— Source material —
################
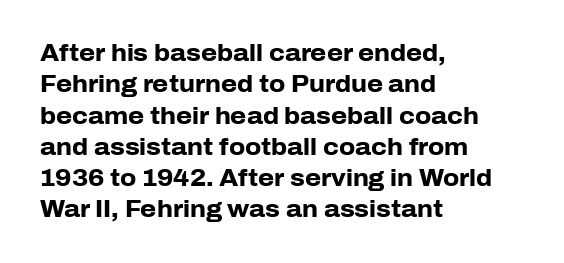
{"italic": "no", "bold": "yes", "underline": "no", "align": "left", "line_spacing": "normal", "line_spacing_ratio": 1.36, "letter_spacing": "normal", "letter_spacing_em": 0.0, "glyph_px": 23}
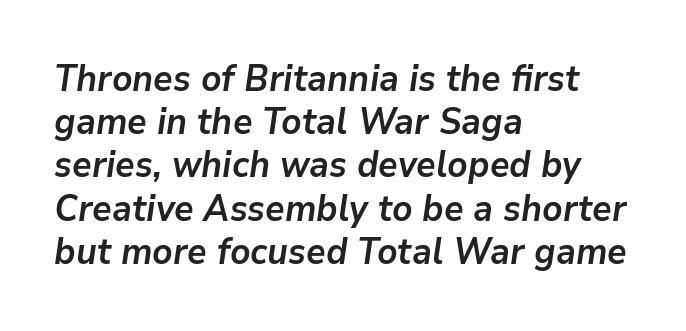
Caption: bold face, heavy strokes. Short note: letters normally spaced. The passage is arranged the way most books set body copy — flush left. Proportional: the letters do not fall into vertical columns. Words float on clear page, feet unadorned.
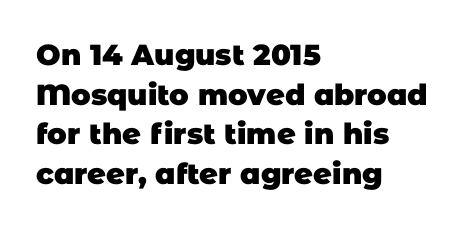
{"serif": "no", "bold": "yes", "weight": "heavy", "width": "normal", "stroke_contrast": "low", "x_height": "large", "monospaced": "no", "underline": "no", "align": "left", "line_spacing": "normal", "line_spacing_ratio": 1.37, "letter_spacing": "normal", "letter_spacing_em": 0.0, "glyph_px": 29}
################
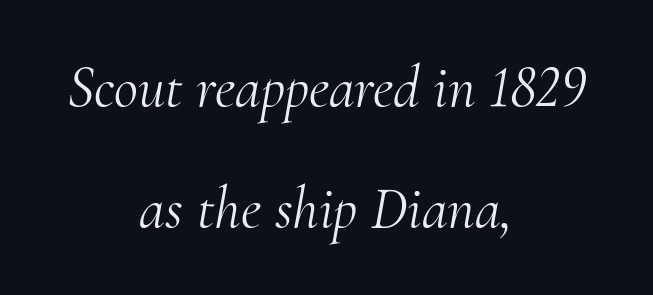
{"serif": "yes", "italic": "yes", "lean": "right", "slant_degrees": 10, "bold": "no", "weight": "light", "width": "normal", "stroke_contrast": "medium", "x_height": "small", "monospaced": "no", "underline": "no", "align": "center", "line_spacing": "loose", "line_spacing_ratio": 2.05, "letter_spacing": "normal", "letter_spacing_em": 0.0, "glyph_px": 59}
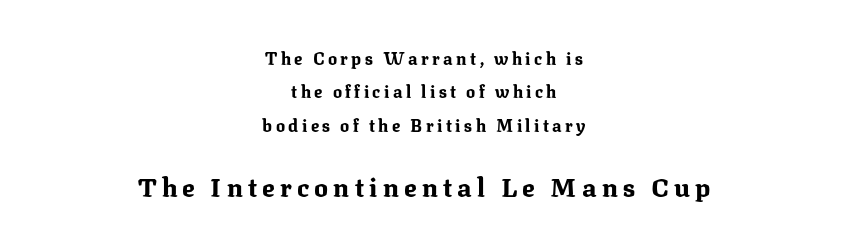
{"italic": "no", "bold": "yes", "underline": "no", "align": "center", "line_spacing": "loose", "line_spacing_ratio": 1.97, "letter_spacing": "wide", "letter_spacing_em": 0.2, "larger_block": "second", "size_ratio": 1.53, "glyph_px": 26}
################
Check each line of the listing above, and copy it if it contains the word "left".

{"italic": "no", "bold": "yes", "underline": "no", "align": "left", "line_spacing": "normal", "line_spacing_ratio": 1.36, "letter_spacing": "normal", "letter_spacing_em": 0.0, "glyph_px": 23}
Caption: bold face, heavy strokes. Short note: letters normally spaced. The passage is arranged the way most books set body copy — flush left. Proportional: the letters do not fall into vertical columns. Words float on clear page, feet unadorned.
{"serif": "no", "bold": "yes", "weight": "heavy", "width": "normal", "stroke_contrast": "low", "x_height": "large", "monospaced": "no", "underline": "no", "align": "left", "line_spacing": "normal", "line_spacing_ratio": 1.37, "letter_spacing": "normal", "letter_spacing_em": 0.0, "glyph_px": 29}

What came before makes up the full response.